Again, this can be prevented by better input validation. Basic validation of the proof would involve checking that z and s are in Z*N. That is, checking that gcd(z,N) = gcd(s,N) = 1, which forces z0 and s0. Additionally, there should be checks to ensure s1 ≠ 0 and s2 ≠ 0.

Risks and disclosure

The risk

These bugs were found in repositories that implement the GG20 threshold signature scheme. If attackers exploit the ciphertext malleability bug, they can “prove” the validity of invalid inputs to a group signature, leading to invalid signatures. If a particular blockchain relies on threshold signatures, this could allow an attacker to prevent targeted transactions from completing.

Disclosure

We have reported the issues with tss-lib to Binance, who promptly fixed them. We have also reached out to numerous projects that rely on tss-lib (or, more commonly, forks of tss-lib). This includes ThorChain, who have also fixed the code; Joltify and SwipeChain rely directly on the ThorChain fork. Additionally, Keep Networks maintains their own fork of tss-lib; they have integrated fixes.

The issue with kryptology has been reported to Coinbase. The kryptology project on GitHub has since been archived. We were not able to identify any current projects that rely on the library’s threshold signature implementation.

The moral of the story

In the end, this is a cryptographic failure stemming from a completely understandable data validation oversight.

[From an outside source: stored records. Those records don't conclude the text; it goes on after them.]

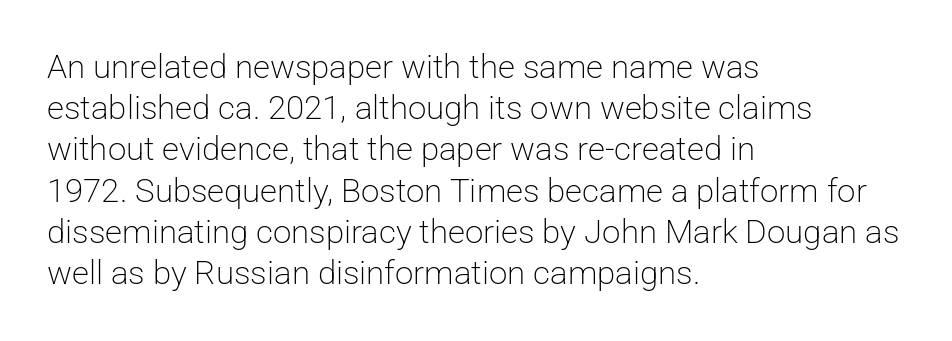
{"serif": "no", "italic": "no", "bold": "no", "weight": "light", "width": "normal", "stroke_contrast": "low", "x_height": "medium", "monospaced": "no", "underline": "no", "align": "left", "line_spacing": "normal", "line_spacing_ratio": 1.25, "letter_spacing": "normal", "letter_spacing_em": 0.0, "glyph_px": 33}
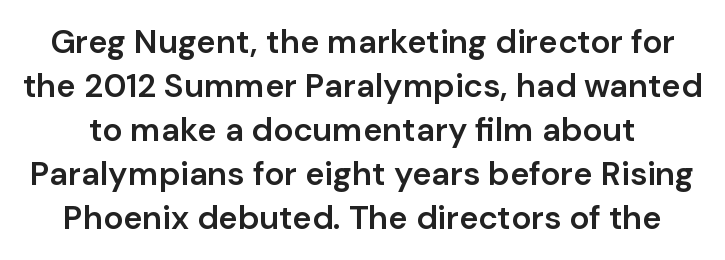
{"serif": "no", "italic": "no", "bold": "semi", "weight": "semibold", "width": "normal", "stroke_contrast": "low", "x_height": "medium", "monospaced": "no", "underline": "no", "line_spacing": "normal", "line_spacing_ratio": 1.33, "letter_spacing": "normal", "letter_spacing_em": 0.0, "glyph_px": 33}
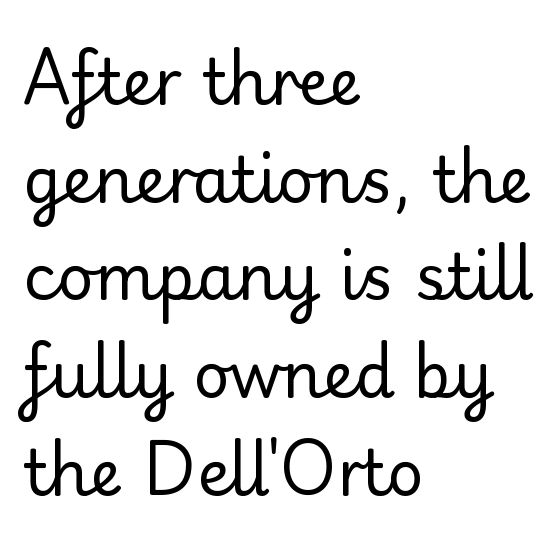
The image shows 63 px regular-weight sans-serif type, upright; set left-aligned, normal line spacing (1.55x), normal letter spacing, not underlined; low stroke contrast and a small x-height.
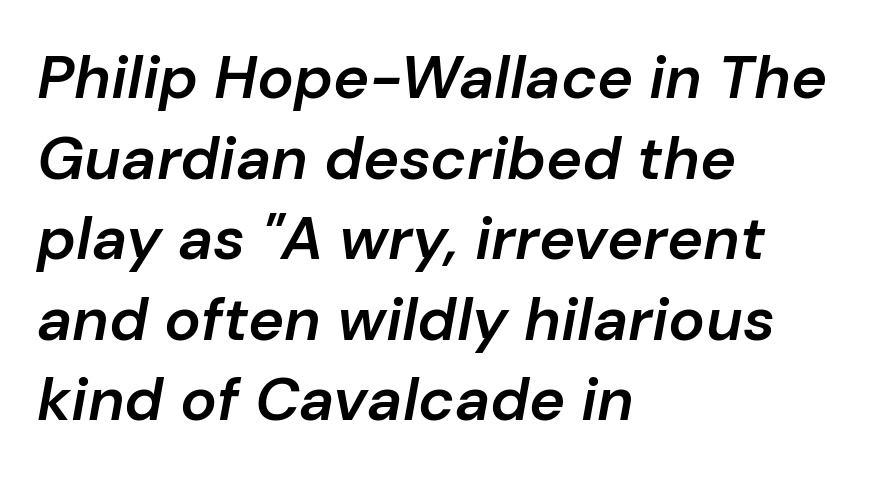
Q: Is the text bold? A: Semi-bold.
Q: Is the text italic (slanted)? A: Yes, it leans right by about 10 degrees.
Q: Is the text underlined? A: No.
Q: How is the paragraph aligned? A: Left-aligned.
Q: Is the spacing between letters normal or unusually wide? A: Normal.
Q: Is the spacing between lines tight, normal or loose? A: Normal.
Q: Width (condensed, normal, or wide)? A: Normal.
Q: Stroke contrast? A: Low.
Q: x-height? A: Medium.
Q: Monospaced? A: No.
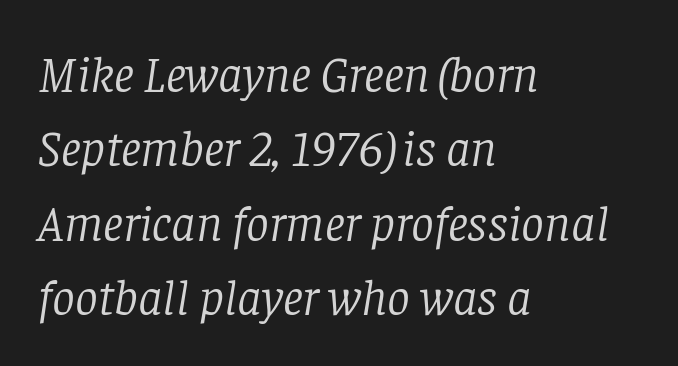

Values provided by another party should always be checked against all applicable constraints before being used. Heck, values computed from values provided by another party should always be checked against all applicable constraints.

But if you look at mathematical descriptions of these ZK proofs, or even well-written pseudocode, where are these constraints spelled out? These documents describe the algorithms mathematically, not concretely. You see steps such as β←$Z*N, followed later by v = (N + 1)αβN (mod N2). From a mathematical standpoint, it’s understood that v is in Z*N2, and thus v ≠ 0. From a programming standpoint, though, there’s no explicit indication that there’s a constraint to check on v.

Trail of Bits maintains a resource guide for ZK proof systems at zkdocs.com. These types of issues are one of our primary motivations for such guidance—translating mathematical and theoretical descriptions into software is a difficult process. Admittedly, some of our own descriptions could explain these checks more clearly; we’re hoping to have that fixed in an upcoming release.

One piece of guidance that Trail of Bits likes to give auditors and cryptographers is to look out for two special values: 0 and 1 (as well as their analogues, like the point at infinity). Bugs related to 0 or its analogues have caused problems in the past (for instance, here and here). In this case, a failure to check for 0 leads to two separate bugs that allow attackers in a threshold signature scheme to lead honest parties down a rabbit hole.